▸ What to produce
Answer with one number only, the count of lines in the material below that hold "CIRCLE".

▸ Records
---+---

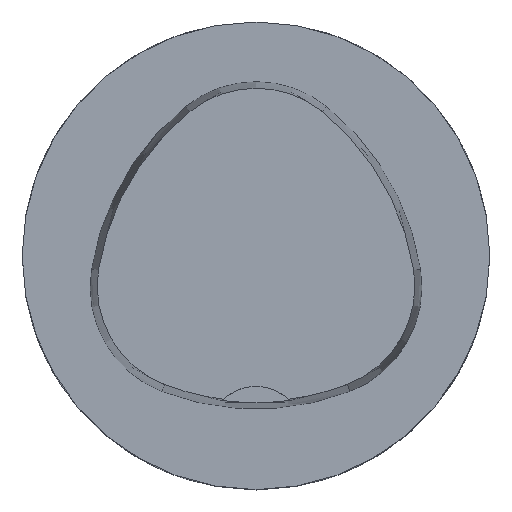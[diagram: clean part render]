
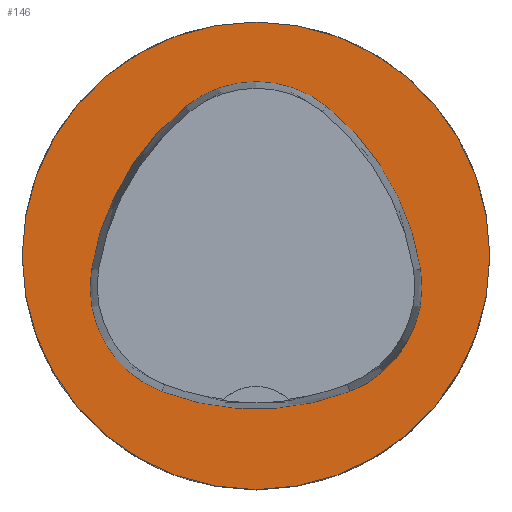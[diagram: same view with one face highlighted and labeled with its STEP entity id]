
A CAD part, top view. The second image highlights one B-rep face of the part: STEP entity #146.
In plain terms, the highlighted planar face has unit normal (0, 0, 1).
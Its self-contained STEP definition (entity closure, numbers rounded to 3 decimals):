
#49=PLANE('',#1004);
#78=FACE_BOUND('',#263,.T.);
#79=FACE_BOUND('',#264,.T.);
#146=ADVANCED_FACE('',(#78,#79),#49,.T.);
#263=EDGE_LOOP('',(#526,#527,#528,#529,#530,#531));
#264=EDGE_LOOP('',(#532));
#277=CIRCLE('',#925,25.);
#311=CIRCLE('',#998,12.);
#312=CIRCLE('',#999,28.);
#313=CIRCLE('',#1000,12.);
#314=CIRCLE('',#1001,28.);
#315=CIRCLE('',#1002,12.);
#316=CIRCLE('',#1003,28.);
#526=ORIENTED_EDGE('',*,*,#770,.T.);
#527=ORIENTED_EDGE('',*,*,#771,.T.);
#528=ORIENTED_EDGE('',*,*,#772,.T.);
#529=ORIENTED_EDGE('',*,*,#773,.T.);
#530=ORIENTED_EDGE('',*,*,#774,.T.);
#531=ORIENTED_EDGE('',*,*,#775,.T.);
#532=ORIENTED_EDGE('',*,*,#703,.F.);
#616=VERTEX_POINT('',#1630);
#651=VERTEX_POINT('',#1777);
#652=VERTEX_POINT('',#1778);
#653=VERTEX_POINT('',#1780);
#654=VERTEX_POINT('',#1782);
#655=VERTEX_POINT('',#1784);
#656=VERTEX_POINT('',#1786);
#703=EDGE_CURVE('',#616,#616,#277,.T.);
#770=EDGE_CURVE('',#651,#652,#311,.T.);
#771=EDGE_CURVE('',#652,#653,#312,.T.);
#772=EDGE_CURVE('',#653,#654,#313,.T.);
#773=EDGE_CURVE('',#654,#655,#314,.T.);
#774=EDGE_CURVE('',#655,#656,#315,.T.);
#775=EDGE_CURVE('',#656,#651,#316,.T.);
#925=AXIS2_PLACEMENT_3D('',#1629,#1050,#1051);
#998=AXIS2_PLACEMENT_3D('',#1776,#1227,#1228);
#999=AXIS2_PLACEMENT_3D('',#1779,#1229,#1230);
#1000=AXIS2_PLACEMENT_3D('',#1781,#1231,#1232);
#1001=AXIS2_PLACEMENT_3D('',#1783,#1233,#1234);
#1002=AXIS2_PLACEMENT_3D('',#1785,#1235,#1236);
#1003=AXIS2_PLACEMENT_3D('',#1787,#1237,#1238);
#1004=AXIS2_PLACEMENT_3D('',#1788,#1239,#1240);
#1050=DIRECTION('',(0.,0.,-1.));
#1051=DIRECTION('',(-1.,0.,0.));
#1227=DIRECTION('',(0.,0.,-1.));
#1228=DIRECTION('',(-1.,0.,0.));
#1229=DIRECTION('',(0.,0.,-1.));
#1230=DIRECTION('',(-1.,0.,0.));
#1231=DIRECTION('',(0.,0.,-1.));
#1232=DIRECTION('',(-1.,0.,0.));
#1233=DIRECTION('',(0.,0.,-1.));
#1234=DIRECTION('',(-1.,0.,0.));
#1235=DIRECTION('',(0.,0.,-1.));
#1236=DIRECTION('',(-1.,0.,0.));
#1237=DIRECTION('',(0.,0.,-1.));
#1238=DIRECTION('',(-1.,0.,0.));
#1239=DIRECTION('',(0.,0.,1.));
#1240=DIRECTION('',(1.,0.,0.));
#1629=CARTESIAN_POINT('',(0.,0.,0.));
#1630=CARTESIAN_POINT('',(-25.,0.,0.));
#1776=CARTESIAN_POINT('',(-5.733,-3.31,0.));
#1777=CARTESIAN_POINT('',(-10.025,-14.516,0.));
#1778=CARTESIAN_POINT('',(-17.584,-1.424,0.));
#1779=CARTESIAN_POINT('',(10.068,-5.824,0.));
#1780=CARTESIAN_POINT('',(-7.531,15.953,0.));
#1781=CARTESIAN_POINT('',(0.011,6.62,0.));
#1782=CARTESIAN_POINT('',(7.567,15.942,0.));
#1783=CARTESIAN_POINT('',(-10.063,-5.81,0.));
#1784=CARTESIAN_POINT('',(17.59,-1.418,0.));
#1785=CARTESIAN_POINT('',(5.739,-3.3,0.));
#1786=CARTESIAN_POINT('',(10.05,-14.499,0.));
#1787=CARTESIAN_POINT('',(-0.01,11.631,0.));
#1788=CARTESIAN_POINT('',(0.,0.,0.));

---+---

▸ Reply to the exercise
7